Yes!!!! STOKE for mom riders! Like me 



friscogal said:


> Hey SBF,
> 
> I am a brand new boarder. I learned last year because my 2 boys chose snowboarding over skiing.
> 
> ...


Welcome to the forums ! I have learned so much already here! Great little community.


----------



## chomps1211 (Mar 30, 2011)

Mizu Kuma said:


> Don't worry, @chomps1211 did the same thing to me when I first signed up!!!!!
> 
> Took me 150 exclamation marks to get over it!!!!!


It's that Aussie accent!! Gets me all hot n bothered! Lol!


----------



## Mizu Kuma (Apr 13, 2014)

chomps1211 said:


> It's that Aussie accent!! Gets me all hot n bothered! Lol!

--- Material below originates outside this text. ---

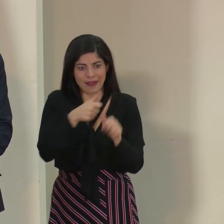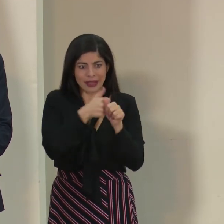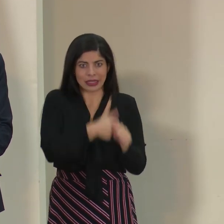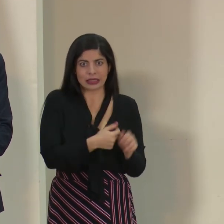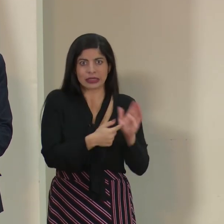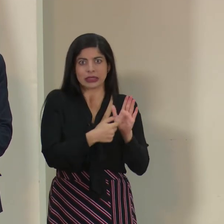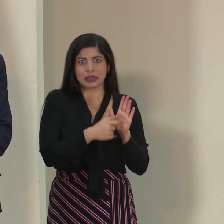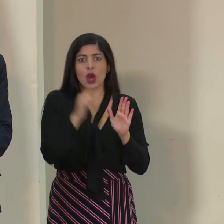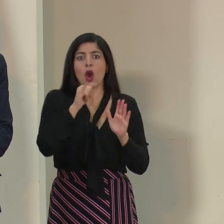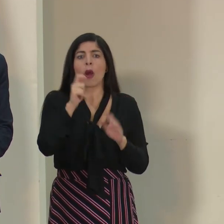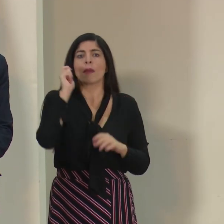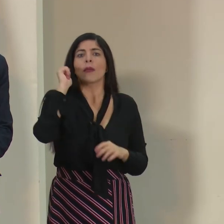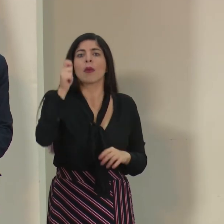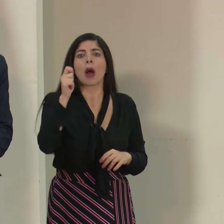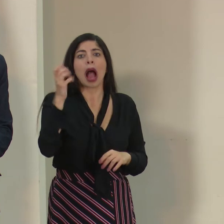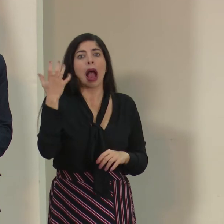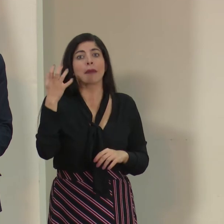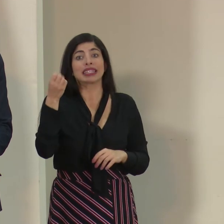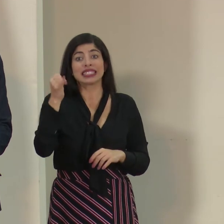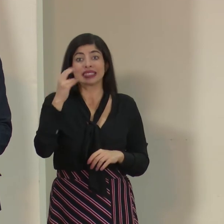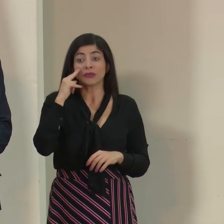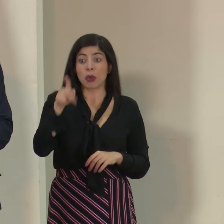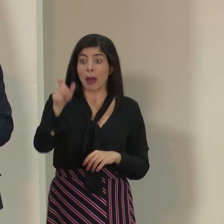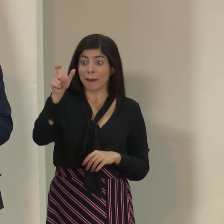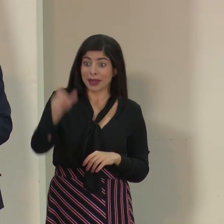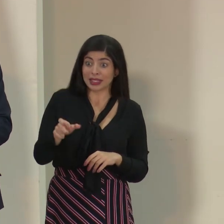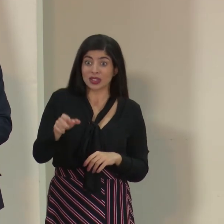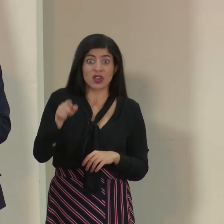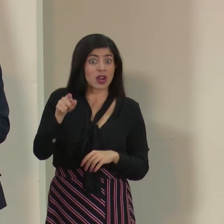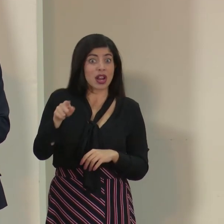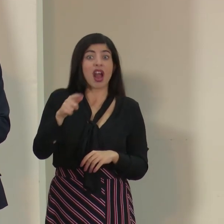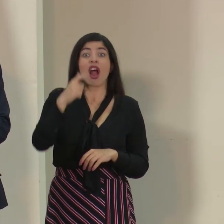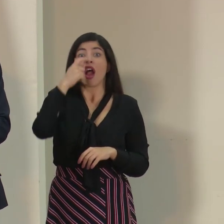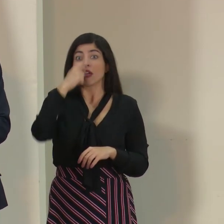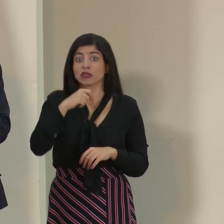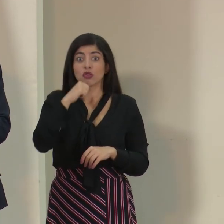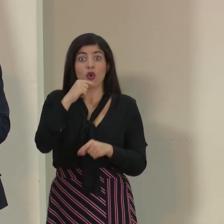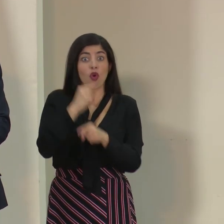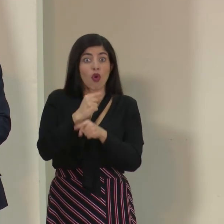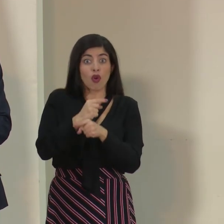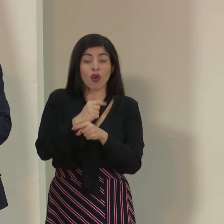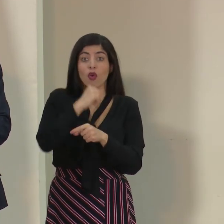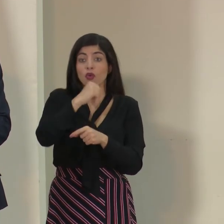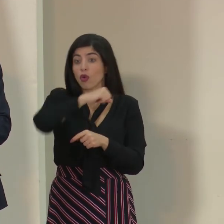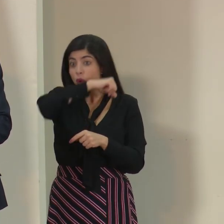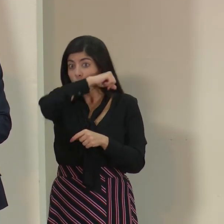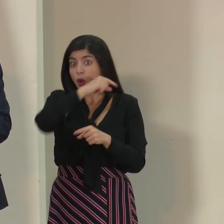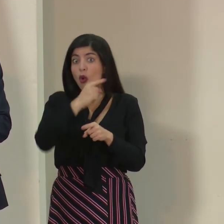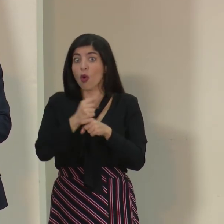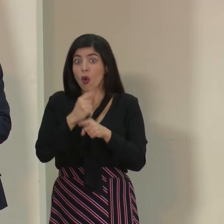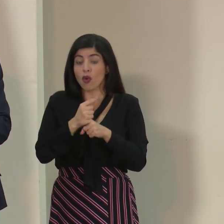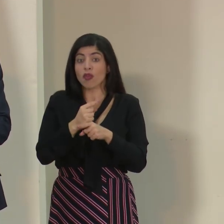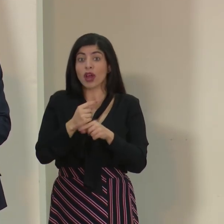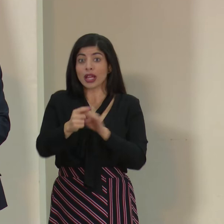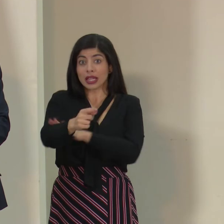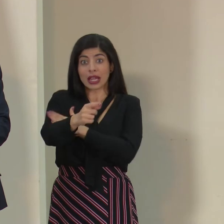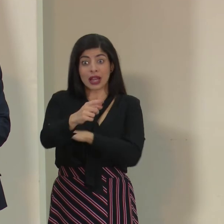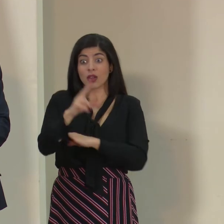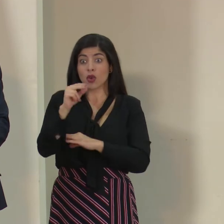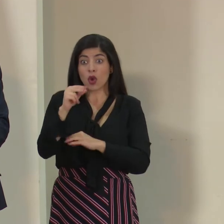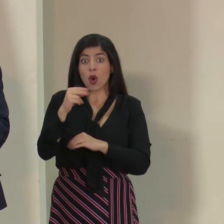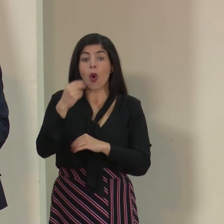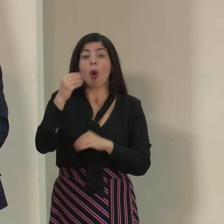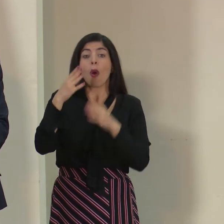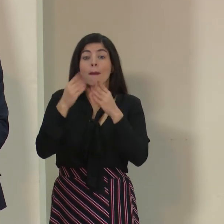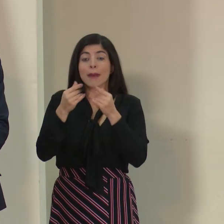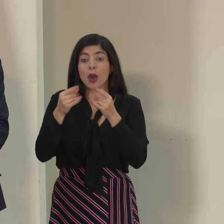sacándole la tarjeta amarilla a un funcionario cuando ven que no están estornudando y no se están tapando adecuadamente con la cara interna del antebrazo o con un pañuelo

Ahhh stone the crows, Cobber!!!!!

Fair suck of the sav!!!!! 

Now ya' gone and spruked that, I'm gonna hit the frog and toe!!!!!


----------



## Jcb890 (Dec 12, 2014)

Mizu Kuma said:


> Don't worry, @chomps1211 did the same thing to me when I first signed up!!!!!
> 
> *Took me 150 exclamation marks to get over it!!!!!*


I literally LOL'd at my desk for that one. Love the self deprecation Mizu.


----------



## snowangel99 (Mar 11, 2016)

Welcome! Welcome! Welcome!!!!!

I a mom to a boy (13) and girl (11). We just learned to snowboard a few weeks ago but I am pretty much obsessed. I am a mom who stops chairlifts.0


----------



## XxGoGirlxX (Jan 15, 2016)

Honestly I can't think of a single as fun and as flipping awesome daily activity I can do WITH my kid and husband as going snowboarding. Ya playing barbies is ok but Daddy won't play. Elsa marries Ken for the millionth time. Lol we all ride together like the wind and it's soooo addicting  haha snowangel lift-stopping-mom  love it! Welcome to you as well to the sport !


----------